I stared at her. Her braids tied up. A bruise still faint on her jaw from two nights ago. A bloodstain on her shirt sleeve she hadn't noticed.
She looked like a queen that had survived fire.
And she still wanted me.
"You sure?" I asked, voice rough.
"You almost died for me, Steve."
She walked forward.
"I almost killed for you."
She stopped in front of me.
"No one comes back from that kind of love and goes back to normal. Either we do this, or we fall apart."
Jomiloju's POV
He didn't answer with words.
He pulled a black velvet box from his coat pocket.
I gasped.
He opened it.
Inside: a ring.
Not a diamond. Not gold.
A carved obsidian band with a single red ruby set in the center like a drop of blood.
"I had it made the week we escaped the city," he said.
He looked at me, voice low.
"I didn't think I'd ever use it."
My throat tightened.
I didn't cry.
Not until he knelt.
Not until he said, "You're the only peace I've ever known."
Not until I whispered, "Yes."
Steve's POV
We didn't tell anyone.
Not Korede. Not the priest. Not even her mother.
It was better that way.
We'd lived too long in the spotlight of violence.
This… was just for us.
I called in a favor with Abeni, the arms runner.
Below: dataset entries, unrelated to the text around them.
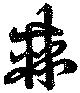
棘
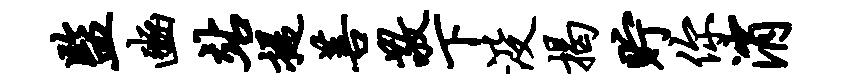
监豳站提菩敬下没揭贮你消
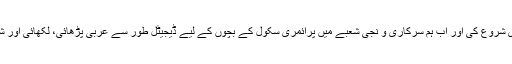
بعد ازاں ہم نے ایپلی کیشنز کی تیاری شروع کی اور اب ہم سرکاری و نجی شعبے میں پرائمری سکول کے بچوں کے لیے ڈیجیٹل طور سے عربی پڑھائی، لکھائی اور شماریاتی تعلیم کا مواد تیار کرتی ہیں۔
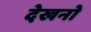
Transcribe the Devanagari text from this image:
देखनो
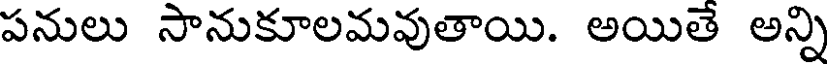
పనులు సానుకూలమవుతాయి. అయితే అన్ని
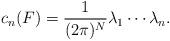
LaTeX: \begin{align*}c_n(F)=\frac{1}{(2\pi)^N}\lambda_1\cdots\lambda_n.\end{align*}
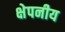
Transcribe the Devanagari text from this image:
क्षेपनीय
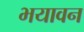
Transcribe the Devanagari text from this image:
भयावन
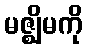
မဇ္ဈိမကို
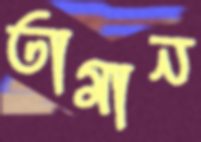
তামান
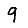
Digit: 9
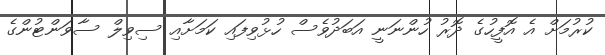
ކުރުމަށް އެ އޮފީހުގެ ދޮރު ހުންނަނީ އަބަދުވެސް ހުޅުވިފައި ކަމަށާއި ސިވިލް ސާވަންޓުންގެ
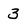
Character: 3
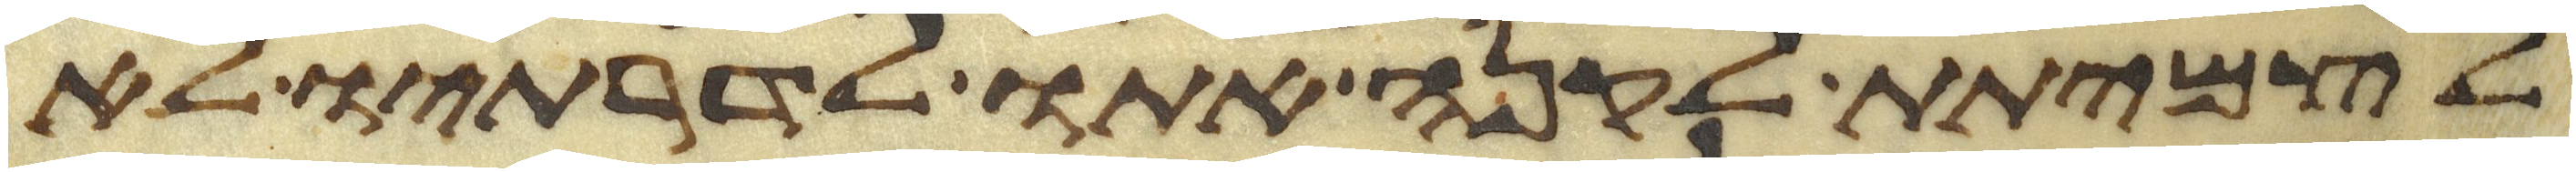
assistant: לצמיתת לקנה אתו לדרתיו לא
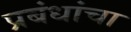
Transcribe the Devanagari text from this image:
प्रबंधांचा
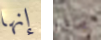
إنها ماذا
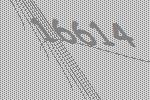
16614
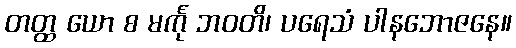
တတ္ထ ယော စ မင်္ကု ဘဝတိ၊ ပရေသံ ပါနဘောဇနေ။
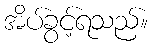
အိပ်ခွင့်ရသည်။
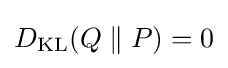
D_{\text{KL}}(Q\parallel P)=0
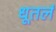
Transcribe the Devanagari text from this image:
धूतलं
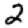
Digit: 2
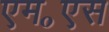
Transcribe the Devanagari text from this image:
एम॰एस
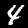
Digit: 4

She owed me blood. Paid me in silk.
By nightfall, Jomi had a dress.
Red. Velvet. Backless.
She looked like sin rewritten into royalty.
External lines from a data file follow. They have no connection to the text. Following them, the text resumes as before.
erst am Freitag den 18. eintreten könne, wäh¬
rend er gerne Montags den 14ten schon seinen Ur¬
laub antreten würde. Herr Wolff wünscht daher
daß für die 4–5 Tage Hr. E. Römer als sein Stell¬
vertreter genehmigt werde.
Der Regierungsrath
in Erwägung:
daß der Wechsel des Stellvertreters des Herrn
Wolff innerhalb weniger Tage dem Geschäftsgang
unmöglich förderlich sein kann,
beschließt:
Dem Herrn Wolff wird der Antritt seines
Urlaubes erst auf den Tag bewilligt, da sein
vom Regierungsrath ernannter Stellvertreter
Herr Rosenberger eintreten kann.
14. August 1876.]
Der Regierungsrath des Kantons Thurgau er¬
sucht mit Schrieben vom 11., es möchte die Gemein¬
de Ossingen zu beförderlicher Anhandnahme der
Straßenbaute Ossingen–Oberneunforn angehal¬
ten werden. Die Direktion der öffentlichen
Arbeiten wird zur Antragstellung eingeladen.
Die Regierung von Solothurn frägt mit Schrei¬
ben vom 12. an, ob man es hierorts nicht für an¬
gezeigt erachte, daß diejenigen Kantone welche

I wore black. No tie. Just my father's cufflinks and the scent of gun oil still lingering on my skin.
We got married in a candlelit backroom behind the chapel.
No guests.
Just vows and shadows.
And a kiss that tasted like war and rebirth.
Jomiloju's POV
The priest read his lines from memory.
Steve didn't say "I do."
He said, "Always."
And it shattered me.
After everything—after the kidnapping, the guns, the threats, the lies—we had arrived here.
Not whole.
Not healed.
But together.
And that was enough.
He slid the obsidian ring on my finger.
I traced the scar on his cheek.
And when he kissed me, he didn't hold back.
Steve's POV
We didn't wait.
When we reached the room upstairs, I pinned her to the wall with a hunger I hadn't let surface in weeks.
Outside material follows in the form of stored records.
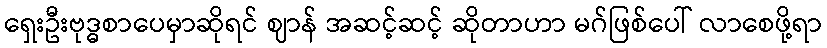
ရှေးဦးဗုဒ္ဓစာပေမှာဆိုရင် ဈာန် အဆင့်ဆင့် ဆိုတာဟာ မဂ်ဖြစ်ပေါ် လာစေဖို့ရာ
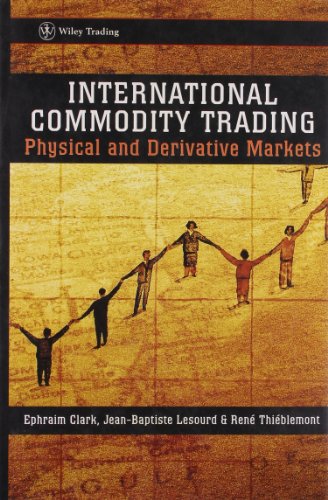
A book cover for International Commodity Trading; Ephraim Clark; Business & Money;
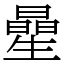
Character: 曐
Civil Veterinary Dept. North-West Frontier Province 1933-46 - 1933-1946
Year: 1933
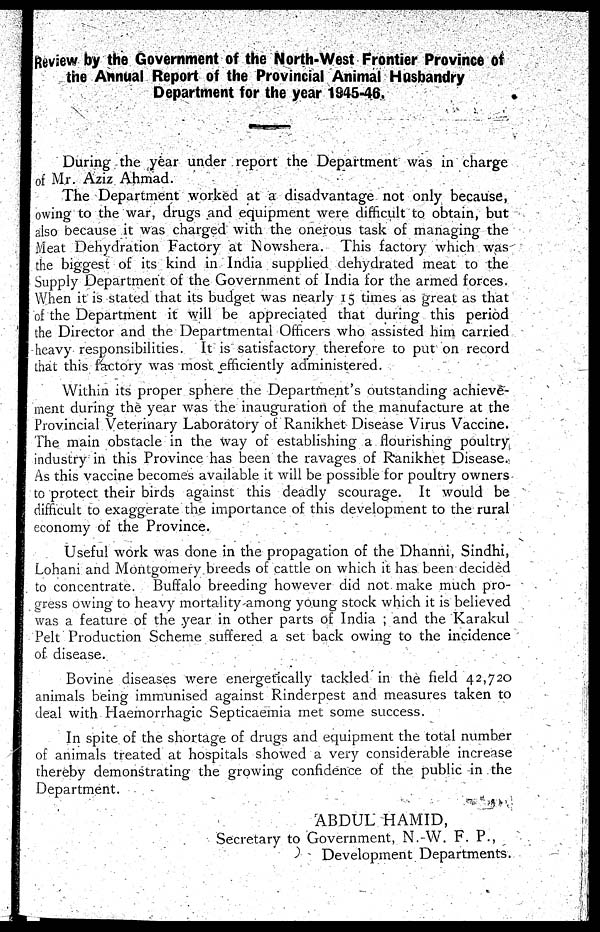
Review by the Government of the North-West Frontier Province of
the Annual Report of the Provincial Animal Husbandry
Department for the year 1945-46.
During the year under report the Department was in charge
of Mr. Aziz Ahmad.
The Department worked at a disadvantage not only because,
owing to the war, drugs and equipment were difficult to obtain, but
also because it was charged with the onerous task of managing the
Meat Dehydration Factory at Nowshera. This factory which was
the biggest of its kind in India supplied dehydrated meat to the
Supply Department of the Government of India for the armed forces.
When it is stated that its budget was nearly 15 times as great as that
of the Department it will be appreciated that during this period
the Director and the Departmental Officers who assisted him carried
heavy responsibilities. It is satisfactory therefore to put on record
that this factory was most efficiently administered.
Within its proper sphere the Department's outstanding achieve-
ment during the year was the inauguration of the manufacture at the
Provincial Veterinary Laboratory of Ranikhet Disease Virus Vaccine.
The main obstacle in the way of establishing a flourishing poultry
industry in this Province has been the ravages of Ranikhet Disease.
As this vaccine becomes available it will be possible for poultry owners
to protect their birds against this deadly scourage. It would be
difficult to exaggerate the importance of this development to the rural
economy of the Province.
Useful work was done in the propagation of the Dhanni, Sindhi,
Lohani and Montgomery breeds of cattle on which it has been decided
to concentrate. Buffalo breeding however did not make much pro-
gress owing to heavy mortality among young stock which it is believed
was a feature of the year in other parts of India; and the Karakul
Pelt Production Scheme suffered a set back owing to the incidence
of disease.
Bovine diseases were energetically tackled in the field 42,720
animals being immunised against Rinderpest and measures taken to
deal with Hæmorrhagic Septicaemia met some success.
In spite of the shortage of drugs and equipment the total number
of animals treated at hospitals showed a very considerable increase
thereby demonstrating the growing confidence of the public in the
Department.
ABDUL HAMID,
Secretary to Government, N. W. F. P.,
Development Departments.
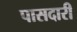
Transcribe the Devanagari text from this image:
पासदारी
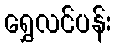
ရွှေလင်ပန်း
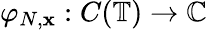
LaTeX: \varphi_{N,\mathbf{x}}:C(\mathbb{{T}})\to\mathbb{{C}}
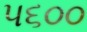
૫૬૦૦
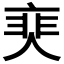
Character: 𩇰
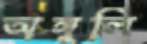
অঙ্গুলি
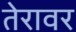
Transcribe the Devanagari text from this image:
तेरावर
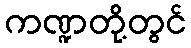
ကဏ္ဍတို့တွင်
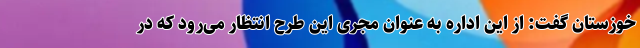
خوزستان گفت: از این اداره به عنوان مجری این طرح انتظار می‌رود که در
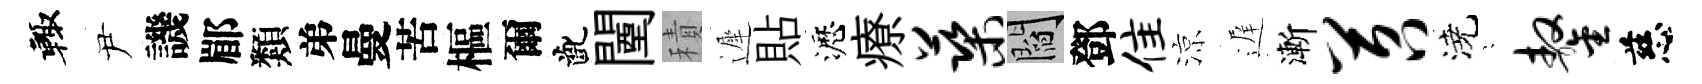
輙尹譏郿類弟曼苦樞爾齔闉積遲貼瀝療蕖閻鄧隹涼遅漸苕澆隠鏊慈
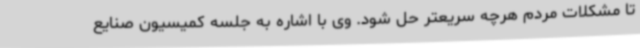
تا مشکلات مردم هرچه سریعتر حل شود. وی با اشاره به جلسه کمیسیون صنایع
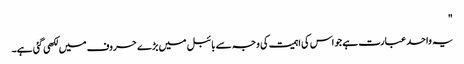
"
یہ واحد عبارت ہے جو اس کی اہمیت کی وجہ سے بائبل میں بڑے حروف میں لکھی گئی ہے۔
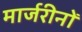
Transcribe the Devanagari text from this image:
मार्जरीनों
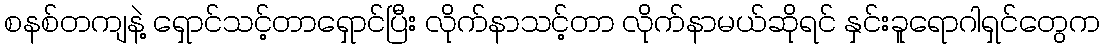
စနစ်တကျနဲ့ ရှောင်သင့်တာရှောင်ပြီး လိုက်နာသင့်တာ လိုက်နာမယ်ဆိုရင် နှင်းခူရောဂါရှင်တွေက
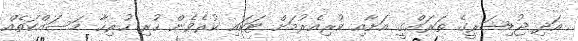
އަދި ޖުޑިޝަރީގެ ތަރައްގީ އަށާއި ކުރިއެރުމަށް ޓަކައި ކުރެވެން ހުރި ހުރިހާ މަސައްކަތެއް
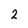
Character: 2
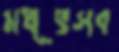
মধূৎসব
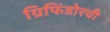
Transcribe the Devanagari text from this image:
ग्रिफिंडोरची
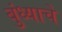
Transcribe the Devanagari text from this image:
बुंध्याचे

Not because I didn't want her.
But because I was afraid she'd disappear if I touched her too hard.
But tonight?
There was no fear.
Only truth.
My fingers undid the ties on her dress like a man disarming a bomb. Gentle. Careful.
Her hands tugged my shirt until buttons popped, nails dragging across my chest.
Every movement was a confession.
Every breath, a prayer.
We made love like we were building a new world between our bodies—one without codes or war or shadows.
Just skin. And promises.
Jomiloju's POV
Afterward, I lay tangled in sheets, my head on his chest, tracing the lines of his tattoos.
"I feel… safe," I whispered.
I hadn't felt that in years.
Maybe never.
He didn't speak.
But he held me tighter.
And that was answer enough.
Until the door banged open.
Steve's POV
Gun in hand in two seconds.
Korede burst into the room, panting, pale.
He held up his phone.
"Sorry to ruin the honeymoon," he rasped. "But someone's leaked your marriage certificate to her."
My heart dropped.
"Her who?"
Korede flipped the screen.
Koleosho's daughter.
The woman I once promised to marry… before she turned assassin.
Abeni.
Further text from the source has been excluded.